I have talked to Jim, and like he told me, it is hard for him to say someone is cheating unless he catches them. The last tourney I fished, I placed third. My best showing so far. One of my fish, had a nastry cut on its side. It was like that when I pulled it from the water. I don't know if it was from the flooded bushes it swam into while I was fighting it or if it was like that before it was on my hook. The fish was alive and well. Just had a cut on it. Someone could have said I cheated and the cut was from being on a limb line in shallow water. Hell I even put in on a 15 foot stringer so it would not be too close to the flooded bushes and what not against the bank. I know I caught it fair and square, but if someone would have said otherwise, I would have gone off.

That is why if the guys I know cheat were to try to enter a tourney I have, I will tell them no. I know my tourney's are small still and not a lot of money, but if I know you cheat, I will not let you in.


I love to fish Jim's tourney's. It is not always the same guys winning. I mean there are some guys who are in the money most times, but I think it is more due to the group fishing together than a single guy cheating. The one's I know cheat are always in the money. They think they are sly, but people know they cheat. I mean when a guy is supposedly fishing the river and everyone else comes in dirty and he is clean, that looks suspicious. It is just catchig them is the prob. It would be hard to go on his property and look at his creek.


----------



## tcba1987 (Jun 22, 2004)

i was simply responding to some comments made on one of my posts about jims tournaments. like i said jim is a good guy and tries to run a fair tournament. those were my opinions only, not something to live or die by thats for sure. lol i just know of people who cheat and wouldnt go throw my money away fishing against guys who fish for 3 days in advance to beat me. I WOULD NEVER CHEAT BUT ARE YOU TELLING ME THAT YOU BELIEVE THAT NOONE WOULD. come on thats very naive. some guys live off of that money for a month!!
have fun keep fishing in them if you think that you can honestly beat guys who fish for 3 days to beat you. im just voicing my opinion , i thought thats what these message boards were for. FREEDOM OF SPEECH ITS THE AMERICAN WAY !!
 

WHEN YOU LET PEOPLE RUN ALL OVER THE STATE THERE IS NO WAY YOU WILL EVER CATCH THEM CHEATING.


----------



## M.Magis (Apr 5, 2004)

No one said that there weren't cheaters out there. But again, this is the wrong place to discuss it. ALL tournaments have cheaters from time to time, so it's unfair to single out Jim's tournament. If you know of people cheating, you need to point them out to him.


----------



## rockbass (Apr 16, 2004)

I agree Jim should not be singled out. I let Jim know about what I found out.


----------



## Onion (Apr 10, 2004)

As a point of interest:

The First Amendment of the US Constitution does not read:

OhioGameFishing.com shall make no law ... abridging the freedom of speech...
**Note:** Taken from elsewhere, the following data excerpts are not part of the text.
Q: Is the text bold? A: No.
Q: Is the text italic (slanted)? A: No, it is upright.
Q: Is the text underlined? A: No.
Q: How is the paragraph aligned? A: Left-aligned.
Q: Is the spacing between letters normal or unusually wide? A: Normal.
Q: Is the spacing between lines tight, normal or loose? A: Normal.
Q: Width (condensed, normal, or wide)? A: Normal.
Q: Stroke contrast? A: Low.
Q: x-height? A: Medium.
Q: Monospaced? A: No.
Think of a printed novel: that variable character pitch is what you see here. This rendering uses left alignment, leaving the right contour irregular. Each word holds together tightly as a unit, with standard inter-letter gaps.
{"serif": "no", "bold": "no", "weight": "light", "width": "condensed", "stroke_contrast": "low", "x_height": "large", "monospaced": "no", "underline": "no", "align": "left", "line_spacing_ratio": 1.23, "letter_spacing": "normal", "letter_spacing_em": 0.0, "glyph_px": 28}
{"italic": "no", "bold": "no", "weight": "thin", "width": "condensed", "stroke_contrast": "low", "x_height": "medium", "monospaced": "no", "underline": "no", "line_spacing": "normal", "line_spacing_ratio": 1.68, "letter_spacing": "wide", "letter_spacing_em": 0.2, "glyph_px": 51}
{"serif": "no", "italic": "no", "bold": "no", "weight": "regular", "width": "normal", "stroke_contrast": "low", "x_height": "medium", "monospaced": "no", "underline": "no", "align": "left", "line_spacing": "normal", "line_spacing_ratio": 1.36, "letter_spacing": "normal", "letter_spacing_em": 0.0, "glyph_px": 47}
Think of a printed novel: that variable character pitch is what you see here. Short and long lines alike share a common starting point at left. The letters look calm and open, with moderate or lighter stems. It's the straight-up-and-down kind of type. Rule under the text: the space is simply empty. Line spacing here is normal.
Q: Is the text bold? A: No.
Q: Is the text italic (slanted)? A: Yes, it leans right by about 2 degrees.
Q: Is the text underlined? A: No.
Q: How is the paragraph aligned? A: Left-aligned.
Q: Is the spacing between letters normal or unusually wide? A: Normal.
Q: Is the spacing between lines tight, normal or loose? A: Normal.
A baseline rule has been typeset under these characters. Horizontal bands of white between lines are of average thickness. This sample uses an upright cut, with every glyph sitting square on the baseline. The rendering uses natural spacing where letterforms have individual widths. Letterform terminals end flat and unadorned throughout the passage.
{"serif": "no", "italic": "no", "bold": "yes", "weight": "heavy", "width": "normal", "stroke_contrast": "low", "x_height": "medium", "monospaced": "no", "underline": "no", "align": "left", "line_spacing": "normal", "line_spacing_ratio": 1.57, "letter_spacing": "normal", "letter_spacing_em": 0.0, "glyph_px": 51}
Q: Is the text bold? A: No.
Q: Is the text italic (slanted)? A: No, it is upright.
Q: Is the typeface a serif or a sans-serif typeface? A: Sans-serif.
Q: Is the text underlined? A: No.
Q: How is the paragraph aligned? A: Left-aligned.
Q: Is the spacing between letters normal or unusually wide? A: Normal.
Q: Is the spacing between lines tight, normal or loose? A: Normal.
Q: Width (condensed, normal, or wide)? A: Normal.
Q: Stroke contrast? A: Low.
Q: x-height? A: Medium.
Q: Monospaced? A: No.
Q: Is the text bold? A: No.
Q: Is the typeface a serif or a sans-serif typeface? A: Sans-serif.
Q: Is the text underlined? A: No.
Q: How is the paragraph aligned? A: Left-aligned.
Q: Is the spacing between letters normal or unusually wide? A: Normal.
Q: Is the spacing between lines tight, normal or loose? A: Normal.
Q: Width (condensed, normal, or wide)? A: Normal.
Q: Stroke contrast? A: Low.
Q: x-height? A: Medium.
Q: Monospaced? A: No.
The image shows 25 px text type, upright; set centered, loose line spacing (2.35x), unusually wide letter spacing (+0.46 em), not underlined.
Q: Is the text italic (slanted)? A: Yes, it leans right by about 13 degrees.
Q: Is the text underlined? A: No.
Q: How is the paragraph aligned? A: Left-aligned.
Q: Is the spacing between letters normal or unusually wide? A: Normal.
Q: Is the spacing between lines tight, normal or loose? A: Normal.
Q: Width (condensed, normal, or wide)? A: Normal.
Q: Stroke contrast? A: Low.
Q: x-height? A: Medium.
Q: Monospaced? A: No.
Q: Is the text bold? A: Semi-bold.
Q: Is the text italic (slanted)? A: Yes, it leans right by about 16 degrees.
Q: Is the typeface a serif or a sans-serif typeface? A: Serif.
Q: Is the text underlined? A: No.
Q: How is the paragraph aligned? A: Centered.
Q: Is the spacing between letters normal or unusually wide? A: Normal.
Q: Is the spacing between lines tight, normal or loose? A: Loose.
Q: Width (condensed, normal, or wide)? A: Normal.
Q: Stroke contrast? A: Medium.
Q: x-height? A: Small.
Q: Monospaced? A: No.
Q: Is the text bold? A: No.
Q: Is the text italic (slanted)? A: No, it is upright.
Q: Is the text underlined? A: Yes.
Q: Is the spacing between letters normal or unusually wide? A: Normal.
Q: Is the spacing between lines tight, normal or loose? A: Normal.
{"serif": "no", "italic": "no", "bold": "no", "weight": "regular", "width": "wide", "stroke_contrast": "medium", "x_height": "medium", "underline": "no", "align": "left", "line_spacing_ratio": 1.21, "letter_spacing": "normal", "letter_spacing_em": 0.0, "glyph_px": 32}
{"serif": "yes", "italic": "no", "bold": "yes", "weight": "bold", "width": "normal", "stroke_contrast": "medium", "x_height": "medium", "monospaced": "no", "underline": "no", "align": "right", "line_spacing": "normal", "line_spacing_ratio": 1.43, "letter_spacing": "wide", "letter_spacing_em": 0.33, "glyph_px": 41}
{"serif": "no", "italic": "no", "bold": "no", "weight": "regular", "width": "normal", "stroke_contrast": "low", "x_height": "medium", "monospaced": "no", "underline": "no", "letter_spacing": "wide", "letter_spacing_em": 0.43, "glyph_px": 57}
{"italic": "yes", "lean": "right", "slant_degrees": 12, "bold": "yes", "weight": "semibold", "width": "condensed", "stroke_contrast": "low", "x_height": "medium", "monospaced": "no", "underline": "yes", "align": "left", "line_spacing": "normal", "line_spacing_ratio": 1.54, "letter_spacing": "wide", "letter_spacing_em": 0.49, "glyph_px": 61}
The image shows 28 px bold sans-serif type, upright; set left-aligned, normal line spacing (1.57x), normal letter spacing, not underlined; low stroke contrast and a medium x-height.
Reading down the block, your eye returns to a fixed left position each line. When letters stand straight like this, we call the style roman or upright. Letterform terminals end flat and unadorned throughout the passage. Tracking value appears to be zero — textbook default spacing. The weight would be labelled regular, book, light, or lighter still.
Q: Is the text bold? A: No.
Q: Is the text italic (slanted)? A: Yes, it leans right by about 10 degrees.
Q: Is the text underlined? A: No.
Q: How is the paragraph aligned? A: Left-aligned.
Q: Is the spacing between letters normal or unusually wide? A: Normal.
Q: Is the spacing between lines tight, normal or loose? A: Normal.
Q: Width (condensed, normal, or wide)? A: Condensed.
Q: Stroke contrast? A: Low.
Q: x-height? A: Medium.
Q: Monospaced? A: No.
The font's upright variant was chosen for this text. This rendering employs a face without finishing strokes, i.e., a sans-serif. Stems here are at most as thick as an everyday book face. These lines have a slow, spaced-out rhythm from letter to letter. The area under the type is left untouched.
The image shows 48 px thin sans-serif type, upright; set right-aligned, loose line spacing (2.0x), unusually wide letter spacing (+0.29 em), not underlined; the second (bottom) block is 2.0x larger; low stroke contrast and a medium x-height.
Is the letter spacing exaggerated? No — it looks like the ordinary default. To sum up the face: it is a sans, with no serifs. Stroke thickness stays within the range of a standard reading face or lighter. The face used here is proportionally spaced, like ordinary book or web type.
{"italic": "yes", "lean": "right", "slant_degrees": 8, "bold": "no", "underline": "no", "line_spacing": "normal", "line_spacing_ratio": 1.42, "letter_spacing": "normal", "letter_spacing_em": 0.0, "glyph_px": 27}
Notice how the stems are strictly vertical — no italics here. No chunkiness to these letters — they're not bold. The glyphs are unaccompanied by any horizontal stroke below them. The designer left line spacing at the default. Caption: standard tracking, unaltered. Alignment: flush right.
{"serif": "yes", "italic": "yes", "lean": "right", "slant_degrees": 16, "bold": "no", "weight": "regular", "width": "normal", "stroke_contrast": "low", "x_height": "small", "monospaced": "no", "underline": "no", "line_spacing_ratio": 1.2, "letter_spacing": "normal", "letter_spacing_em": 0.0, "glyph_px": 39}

It actually leaves that to Congress.

Therefore, First Amendment rights do not apply on a private message board.

Additionally, Freedom of Speech rights do not provide for Freedom from People Disagreeing With You rights.


----------



## Fish-N-Fool (Apr 12, 2004)

It's too dang hard to prevent - cheaters are everywhere. That is exactly the reason many large paying tourneys require a polygraph if you're in the big $$$$.

What a shame! :mad

I don't fish tourneys, but if I did I'd report any and all chaeters to the tourney director immediately.


----------



## Action (Apr 8, 2004)

Thats the problem with most tournaments, either someone is cheating or more often sore losers are accusing somebody of cheating. Either way I don't need the frustration of fishing hard all day to be scorned later or beat by a cheat. I just do my own thing and let everyone else deal with those unneeded problems. Its a shame that people aren't more interestested in learning something you know or happy to see you win. Alot of cry babies out there.


----------



## Lewis (Apr 5, 2004)

Quote... "that tournament is so loaded with dishonest people"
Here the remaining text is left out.